▸ **Assignment**
Beginning with the first line below, output every record verbatim and leave out the images.

===== Dataset extract

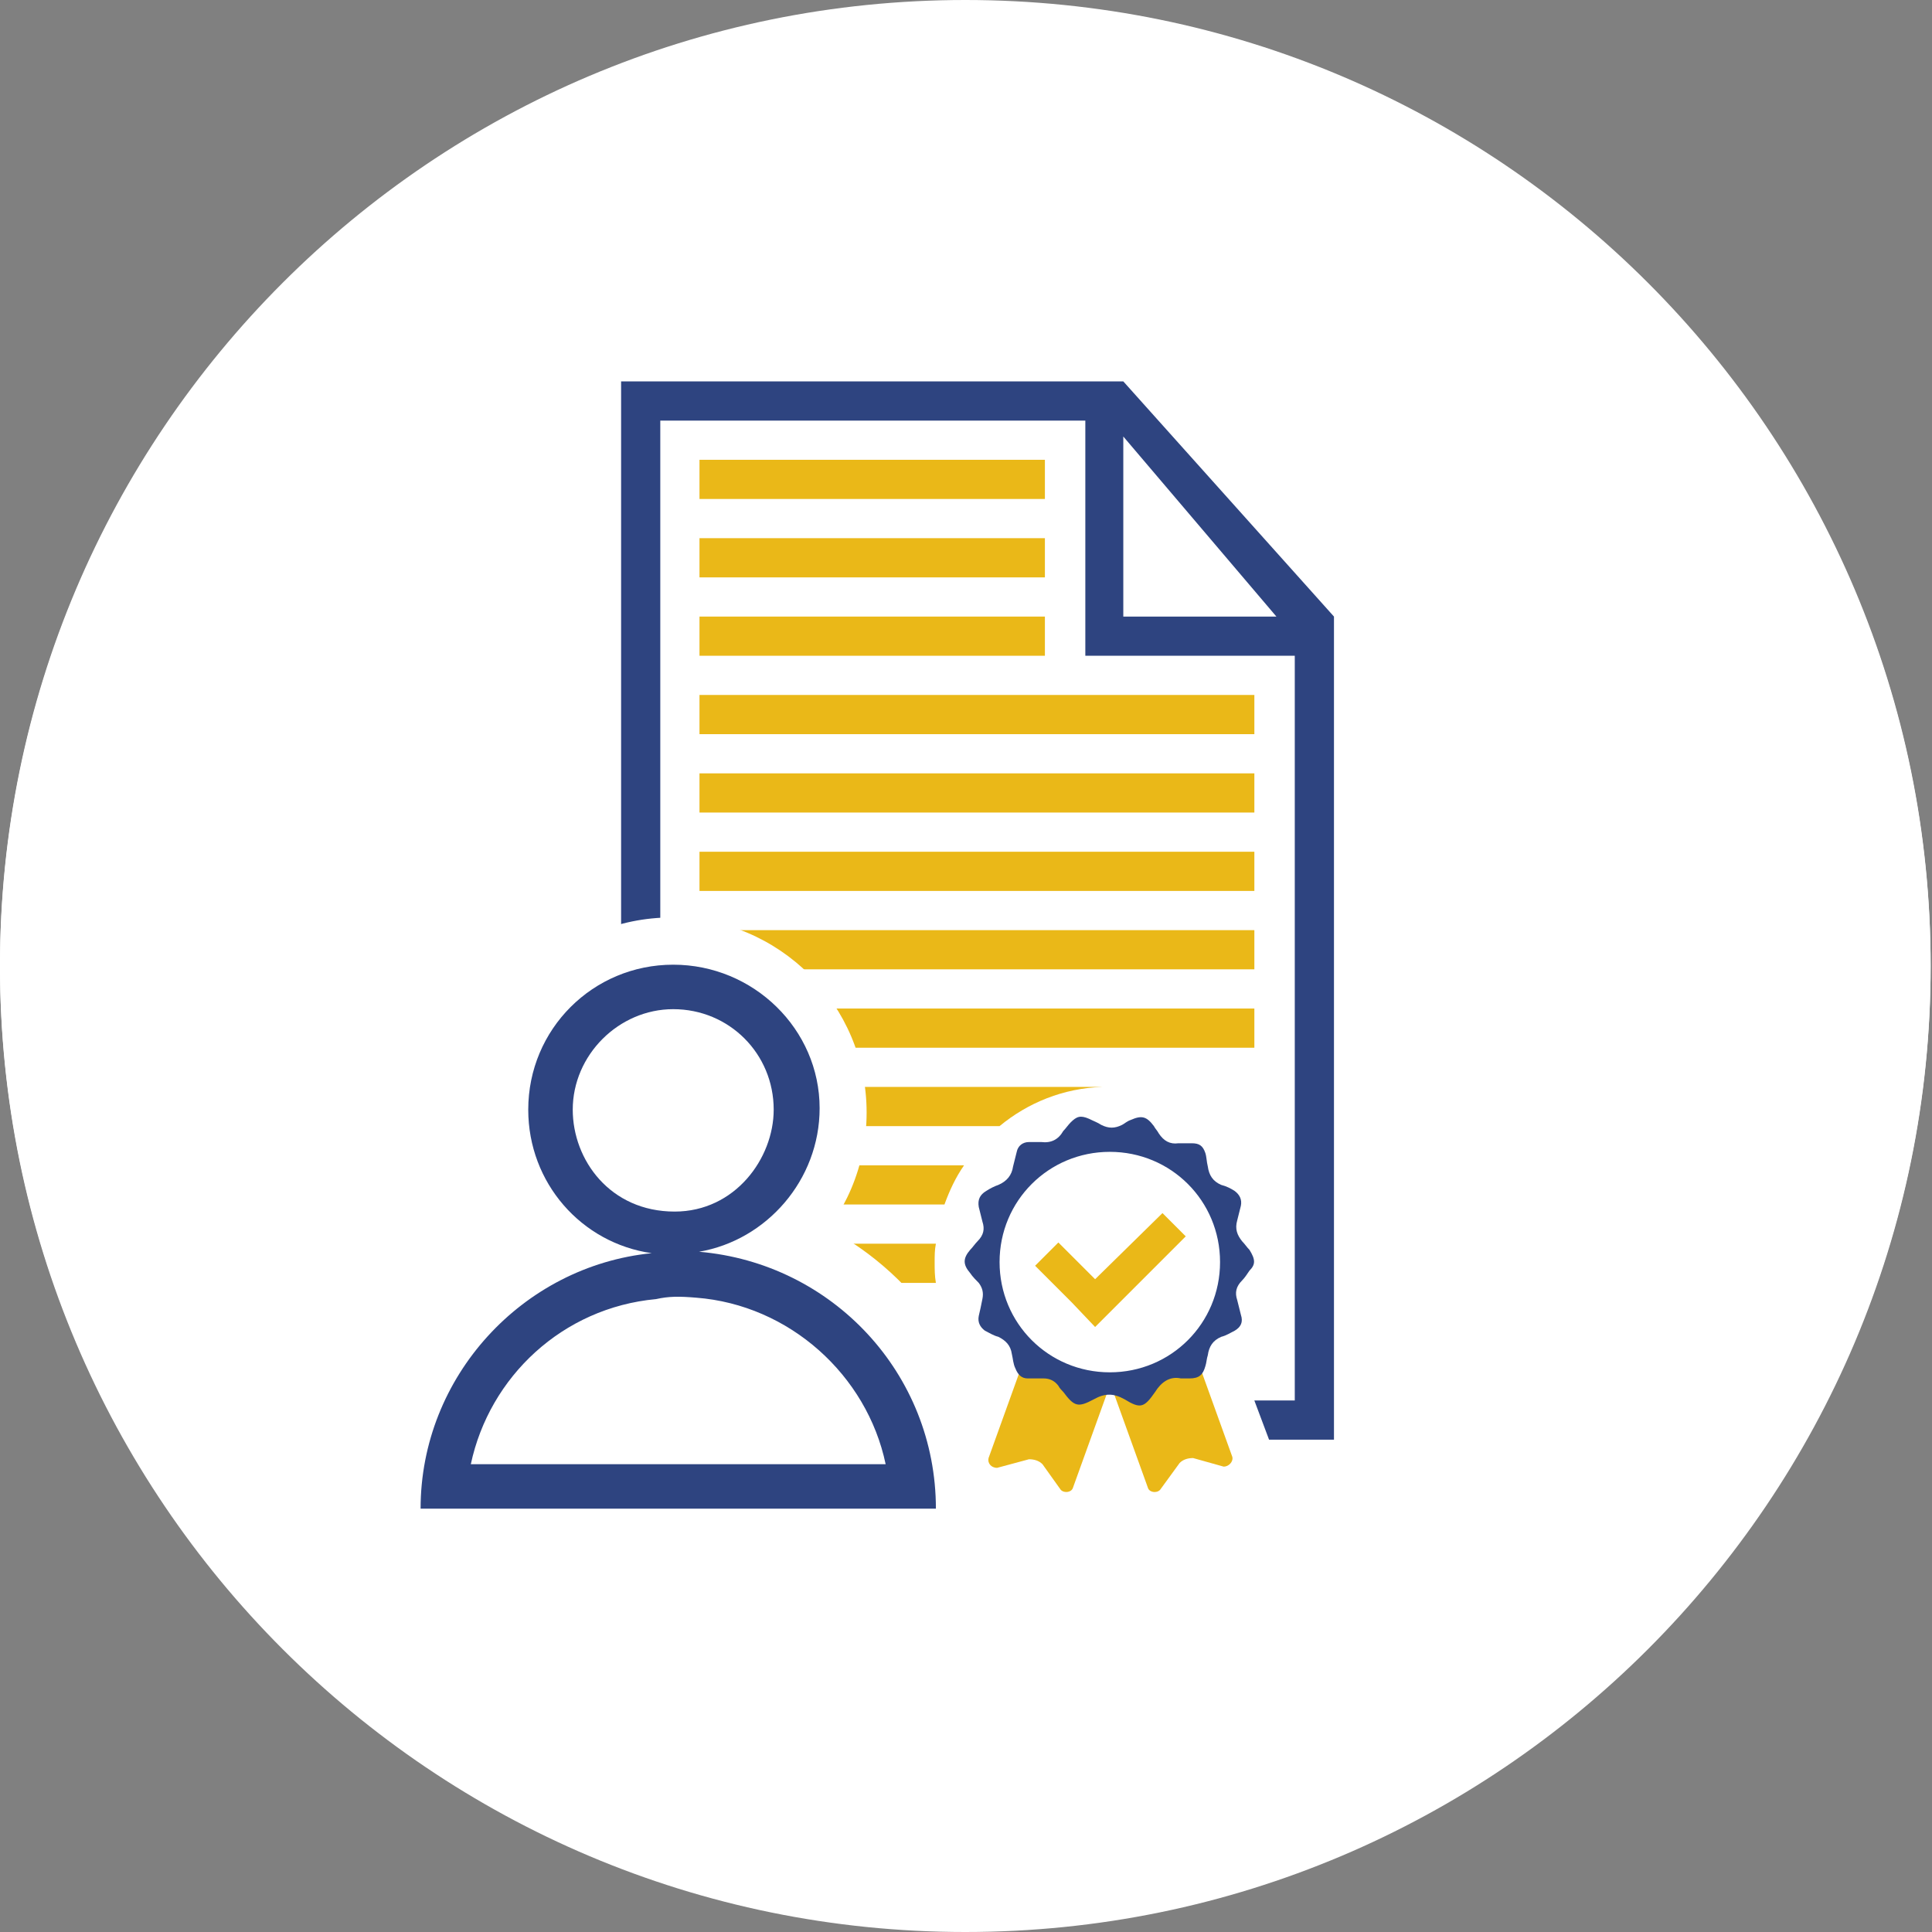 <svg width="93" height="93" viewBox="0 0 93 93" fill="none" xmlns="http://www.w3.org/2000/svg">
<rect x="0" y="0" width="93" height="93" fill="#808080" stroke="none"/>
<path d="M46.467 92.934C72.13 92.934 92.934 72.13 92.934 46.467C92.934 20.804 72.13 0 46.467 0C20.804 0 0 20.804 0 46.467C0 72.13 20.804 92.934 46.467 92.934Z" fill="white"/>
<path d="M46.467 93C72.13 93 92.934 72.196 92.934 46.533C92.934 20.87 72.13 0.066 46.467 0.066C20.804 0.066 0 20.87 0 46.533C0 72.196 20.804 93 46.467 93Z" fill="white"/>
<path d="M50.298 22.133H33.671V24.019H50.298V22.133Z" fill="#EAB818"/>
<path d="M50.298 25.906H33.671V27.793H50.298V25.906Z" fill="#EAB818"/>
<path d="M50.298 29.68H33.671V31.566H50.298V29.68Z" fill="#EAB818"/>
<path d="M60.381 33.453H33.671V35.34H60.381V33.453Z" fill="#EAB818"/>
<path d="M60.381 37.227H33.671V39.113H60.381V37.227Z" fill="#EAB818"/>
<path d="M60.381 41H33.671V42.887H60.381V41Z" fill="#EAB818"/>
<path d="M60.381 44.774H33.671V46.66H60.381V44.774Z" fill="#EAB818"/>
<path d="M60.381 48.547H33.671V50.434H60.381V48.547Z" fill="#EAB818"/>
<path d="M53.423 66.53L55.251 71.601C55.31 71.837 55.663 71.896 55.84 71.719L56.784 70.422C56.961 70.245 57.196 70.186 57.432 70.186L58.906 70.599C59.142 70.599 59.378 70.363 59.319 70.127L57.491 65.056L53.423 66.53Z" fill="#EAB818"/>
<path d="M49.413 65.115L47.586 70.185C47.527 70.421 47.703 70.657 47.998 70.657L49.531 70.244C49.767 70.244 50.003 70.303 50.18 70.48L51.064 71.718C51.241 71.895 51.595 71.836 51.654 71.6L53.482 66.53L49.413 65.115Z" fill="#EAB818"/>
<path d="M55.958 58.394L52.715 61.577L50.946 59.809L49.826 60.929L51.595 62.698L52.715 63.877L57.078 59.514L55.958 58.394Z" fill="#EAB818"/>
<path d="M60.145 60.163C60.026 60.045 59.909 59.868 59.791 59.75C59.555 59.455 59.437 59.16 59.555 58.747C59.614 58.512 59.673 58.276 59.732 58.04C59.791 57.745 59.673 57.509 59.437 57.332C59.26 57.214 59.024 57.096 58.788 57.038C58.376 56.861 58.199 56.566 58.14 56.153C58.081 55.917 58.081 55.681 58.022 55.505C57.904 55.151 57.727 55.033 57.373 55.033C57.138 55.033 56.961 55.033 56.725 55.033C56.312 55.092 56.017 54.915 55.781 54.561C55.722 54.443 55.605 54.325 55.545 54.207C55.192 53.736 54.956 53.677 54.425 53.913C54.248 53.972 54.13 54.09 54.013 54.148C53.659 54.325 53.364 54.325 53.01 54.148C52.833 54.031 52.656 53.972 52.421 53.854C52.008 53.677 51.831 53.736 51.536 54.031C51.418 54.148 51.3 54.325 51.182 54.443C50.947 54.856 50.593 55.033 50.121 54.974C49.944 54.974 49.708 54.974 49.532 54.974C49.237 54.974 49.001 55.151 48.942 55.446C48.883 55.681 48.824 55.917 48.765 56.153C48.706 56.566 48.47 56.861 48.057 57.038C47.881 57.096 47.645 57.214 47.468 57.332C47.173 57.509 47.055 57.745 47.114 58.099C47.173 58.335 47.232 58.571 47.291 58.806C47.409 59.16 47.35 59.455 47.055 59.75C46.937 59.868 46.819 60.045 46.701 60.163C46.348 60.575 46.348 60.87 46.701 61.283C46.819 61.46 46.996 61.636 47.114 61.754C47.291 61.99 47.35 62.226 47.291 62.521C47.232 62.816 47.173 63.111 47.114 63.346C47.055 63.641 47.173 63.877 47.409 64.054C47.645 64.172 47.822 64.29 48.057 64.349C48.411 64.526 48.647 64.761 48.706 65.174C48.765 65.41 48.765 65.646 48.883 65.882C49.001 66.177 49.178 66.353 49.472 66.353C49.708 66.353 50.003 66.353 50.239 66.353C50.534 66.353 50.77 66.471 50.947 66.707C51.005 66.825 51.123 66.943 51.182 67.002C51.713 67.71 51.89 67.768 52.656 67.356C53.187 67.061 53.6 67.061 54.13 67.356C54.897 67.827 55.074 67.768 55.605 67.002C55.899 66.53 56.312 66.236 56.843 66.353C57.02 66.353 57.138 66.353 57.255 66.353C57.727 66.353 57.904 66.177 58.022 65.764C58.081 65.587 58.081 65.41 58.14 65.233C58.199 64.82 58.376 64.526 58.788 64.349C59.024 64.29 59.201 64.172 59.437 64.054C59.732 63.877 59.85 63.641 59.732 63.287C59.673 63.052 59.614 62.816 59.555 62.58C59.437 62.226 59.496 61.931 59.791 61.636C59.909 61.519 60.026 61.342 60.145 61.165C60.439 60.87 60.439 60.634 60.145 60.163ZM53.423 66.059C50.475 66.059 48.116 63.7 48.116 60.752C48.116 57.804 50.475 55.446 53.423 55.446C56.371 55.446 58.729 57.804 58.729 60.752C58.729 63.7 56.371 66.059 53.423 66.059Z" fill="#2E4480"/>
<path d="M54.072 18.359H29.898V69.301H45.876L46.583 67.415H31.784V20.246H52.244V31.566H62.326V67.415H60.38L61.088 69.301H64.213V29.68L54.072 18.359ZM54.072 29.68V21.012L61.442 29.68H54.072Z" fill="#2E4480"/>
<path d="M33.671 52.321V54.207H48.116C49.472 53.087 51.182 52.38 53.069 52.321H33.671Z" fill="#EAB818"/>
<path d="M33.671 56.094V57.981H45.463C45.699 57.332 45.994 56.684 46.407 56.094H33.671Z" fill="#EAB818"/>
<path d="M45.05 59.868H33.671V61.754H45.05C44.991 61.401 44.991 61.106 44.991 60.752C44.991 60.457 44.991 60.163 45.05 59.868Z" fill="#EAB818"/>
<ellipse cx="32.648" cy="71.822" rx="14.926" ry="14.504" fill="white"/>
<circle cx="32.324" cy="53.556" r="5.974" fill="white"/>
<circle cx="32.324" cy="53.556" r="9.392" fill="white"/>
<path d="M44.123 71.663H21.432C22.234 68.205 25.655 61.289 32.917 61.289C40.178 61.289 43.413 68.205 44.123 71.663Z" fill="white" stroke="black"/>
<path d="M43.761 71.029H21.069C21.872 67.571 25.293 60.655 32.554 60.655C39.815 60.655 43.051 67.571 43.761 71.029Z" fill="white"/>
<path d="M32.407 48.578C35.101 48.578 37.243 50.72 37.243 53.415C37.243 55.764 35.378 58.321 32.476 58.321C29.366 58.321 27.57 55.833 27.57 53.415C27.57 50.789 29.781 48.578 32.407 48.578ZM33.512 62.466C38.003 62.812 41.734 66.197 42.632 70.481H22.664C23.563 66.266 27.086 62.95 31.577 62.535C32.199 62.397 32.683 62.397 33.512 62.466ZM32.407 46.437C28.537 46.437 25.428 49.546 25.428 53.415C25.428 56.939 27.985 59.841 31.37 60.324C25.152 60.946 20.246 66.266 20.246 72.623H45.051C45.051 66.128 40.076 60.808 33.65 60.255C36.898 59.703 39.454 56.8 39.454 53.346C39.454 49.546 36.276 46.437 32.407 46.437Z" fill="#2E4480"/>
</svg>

==========

▸ **Problem solution**
 <svg width="93" height="93" viewBox="0 0 93 93" fill="none" xmlns="http://www.w3.org/2000/svg">
<rect x="0" y="0" width="93" height="93" fill="#808080" stroke="none"/>
<path d="M46.467 92.934C72.13 92.934 92.934 72.13 92.934 46.467C92.934 20.804 72.13 0 46.467 0C20.804 0 0 20.804 0 46.467C0 72.13 20.804 92.934 46.467 92.934Z" fill="white"/>
<path d="M46.467 93C72.13 93 92.934 72.196 92.934 46.533C92.934 20.87 72.13 0.066 46.467 0.066C20.804 0.066 0 20.87 0 46.533C0 72.196 20.804 93 46.467 93Z" fill="white"/>
<path d="M50.298 22.133H33.671V24.019H50.298V22.133Z" fill="#EAB818"/>
<path d="M50.298 25.906H33.671V27.793H50.298V25.906Z" fill="#EAB818"/>
<path d="M50.298 29.68H33.671V31.566H50.298V29.68Z" fill="#EAB818"/>
<path d="M60.381 33.453H33.671V35.34H60.381V33.453Z" fill="#EAB818"/>
<path d="M60.381 37.227H33.671V39.113H60.381V37.227Z" fill="#EAB818"/>
<path d="M60.381 41H33.671V42.887H60.381V41Z" fill="#EAB818"/>
<path d="M60.381 44.774H33.671V46.66H60.381V44.774Z" fill="#EAB818"/>
<path d="M60.381 48.547H33.671V50.434H60.381V48.547Z" fill="#EAB818"/>
<path d="M53.423 66.53L55.251 71.601C55.31 71.837 55.663 71.896 55.84 71.719L56.784 70.422C56.961 70.245 57.196 70.186 57.432 70.186L58.906 70.599C59.142 70.599 59.378 70.363 59.319 70.127L57.491 65.056L53.423 66.53Z" fill="#EAB818"/>
<path d="M49.413 65.115L47.586 70.185C47.527 70.421 47.703 70.657 47.998 70.657L49.531 70.244C49.767 70.244 50.003 70.303 50.18 70.48L51.064 71.718C51.241 71.895 51.595 71.836 51.654 71.6L53.482 66.53L49.413 65.115Z" fill="#EAB818"/>
<path d="M55.958 58.394L52.715 61.577L50.946 59.809L49.826 60.929L51.595 62.698L52.715 63.877L57.078 59.514L55.958 58.394Z" fill="#EAB818"/>
<path d="M60.145 60.163C60.026 60.045 59.909 59.868 59.791 59.75C59.555 59.455 59.437 59.16 59.555 58.747C59.614 58.512 59.673 58.276 59.732 58.04C59.791 57.745 59.673 57.509 59.437 57.332C59.26 57.214 59.024 57.096 58.788 57.038C58.376 56.861 58.199 56.566 58.14 56.153C58.081 55.917 58.081 55.681 58.022 55.505C57.904 55.151 57.727 55.033 57.373 55.033C57.138 55.033 56.961 55.033 56.725 55.033C56.312 55.092 56.017 54.915 55.781 54.561C55.722 54.443 55.605 54.325 55.545 54.207C55.192 53.736 54.956 53.677 54.425 53.913C54.248 53.972 54.13 54.09 54.013 54.148C53.659 54.325 53.364 54.325 53.01 54.148C52.833 54.031 52.656 53.972 52.421 53.854C52.008 53.677 51.831 53.736 51.536 54.031C51.418 54.148 51.3 54.325 51.182 54.443C50.947 54.856 50.593 55.033 50.121 54.974C49.944 54.974 49.708 54.974 49.532 54.974C49.237 54.974 49.001 55.151 48.942 55.446C48.883 55.681 48.824 55.917 48.765 56.153C48.706 56.566 48.47 56.861 48.057 57.038C47.881 57.096 47.645 57.214 47.468 57.332C47.173 57.509 47.055 57.745 47.114 58.099C47.173 58.335 47.232 58.571 47.291 58.806C47.409 59.16 47.35 59.455 47.055 59.75C46.937 59.868 46.819 60.045 46.701 60.163C46.348 60.575 46.348 60.87 46.701 61.283C46.819 61.46 46.996 61.636 47.114 61.754C47.291 61.99 47.35 62.226 47.291 62.521C47.232 62.816 47.173 63.111 47.114 63.346C47.055 63.641 47.173 63.877 47.409 64.054C47.645 64.172 47.822 64.29 48.057 64.349C48.411 64.526 48.647 64.761 48.706 65.174C48.765 65.41 48.765 65.646 48.883 65.882C49.001 66.177 49.178 66.353 49.472 66.353C49.708 66.353 50.003 66.353 50.239 66.353C50.534 66.353 50.77 66.471 50.947 66.707C51.005 66.825 51.123 66.943 51.182 67.002C51.713 67.71 51.89 67.768 52.656 67.356C53.187 67.061 53.6 67.061 54.13 67.356C54.897 67.827 55.074 67.768 55.605 67.002C55.899 66.53 56.312 66.236 56.843 66.353C57.02 66.353 57.138 66.353 57.255 66.353C57.727 66.353 57.904 66.177 58.022 65.764C58.081 65.587 58.081 65.41 58.14 65.233C58.199 64.82 58.376 64.526 58.788 64.349C59.024 64.29 59.201 64.172 59.437 64.054C59.732 63.877 59.85 63.641 59.732 63.287C59.673 63.052 59.614 62.816 59.555 62.58C59.437 62.226 59.496 61.931 59.791 61.636C59.909 61.519 60.026 61.342 60.145 61.165C60.439 60.87 60.439 60.634 60.145 60.163ZM53.423 66.059C50.475 66.059 48.116 63.7 48.116 60.752C48.116 57.804 50.475 55.446 53.423 55.446C56.371 55.446 58.729 57.804 58.729 60.752C58.729 63.7 56.371 66.059 53.423 66.059Z" fill="#2E4480"/>
<path d="M54.072 18.359H29.898V69.301H45.876L46.583 67.415H31.784V20.246H52.244V31.566H62.326V67.415H60.38L61.088 69.301H64.213V29.68L54.072 18.359ZM54.072 29.68V21.012L61.442 29.68H54.072Z" fill="#2E4480"/>
<path d="M33.671 52.321V54.207H48.116C49.472 53.087 51.182 52.38 53.069 52.321H33.671Z" fill="#EAB818"/>
<path d="M33.671 56.094V57.981H45.463C45.699 57.332 45.994 56.684 46.407 56.094H33.671Z" fill="#EAB818"/>
<path d="M45.05 59.868H33.671V61.754H45.05C44.991 61.401 44.991 61.106 44.991 60.752C44.991 60.457 44.991 60.163 45.05 59.868Z" fill="#EAB818"/>
<ellipse cx="32.648" cy="71.822" rx="14.926" ry="14.504" fill="white"/>
<circle cx="32.324" cy="53.556" r="5.974" fill="white"/>
<circle cx="32.324" cy="53.556" r="9.392" fill="white"/>
<path d="M44.123 71.663H21.432C22.234 68.205 25.655 61.289 32.917 61.289C40.178 61.289 43.413 68.205 44.123 71.663Z" fill="white" stroke="black"/>
<path d="M43.761 71.029H21.069C21.872 67.571 25.293 60.655 32.554 60.655C39.815 60.655 43.051 67.571 43.761 71.029Z" fill="white"/>
<path d="M32.407 48.578C35.101 48.578 37.243 50.72 37.243 53.415C37.243 55.764 35.378 58.321 32.476 58.321C29.366 58.321 27.57 55.833 27.57 53.415C27.57 50.789 29.781 48.578 32.407 48.578ZM33.512 62.466C38.003 62.812 41.734 66.197 42.632 70.481H22.664C23.563 66.266 27.086 62.95 31.577 62.535C32.199 62.397 32.683 62.397 33.512 62.466ZM32.407 46.437C28.537 46.437 25.428 49.546 25.428 53.415C25.428 56.939 27.985 59.841 31.37 60.324C25.152 60.946 20.246 66.266 20.246 72.623H45.051C45.051 66.128 40.076 60.808 33.65 60.255C36.898 59.703 39.454 56.8 39.454 53.346C39.454 49.546 36.276 46.437 32.407 46.437Z" fill="#2E4480"/>
</svg>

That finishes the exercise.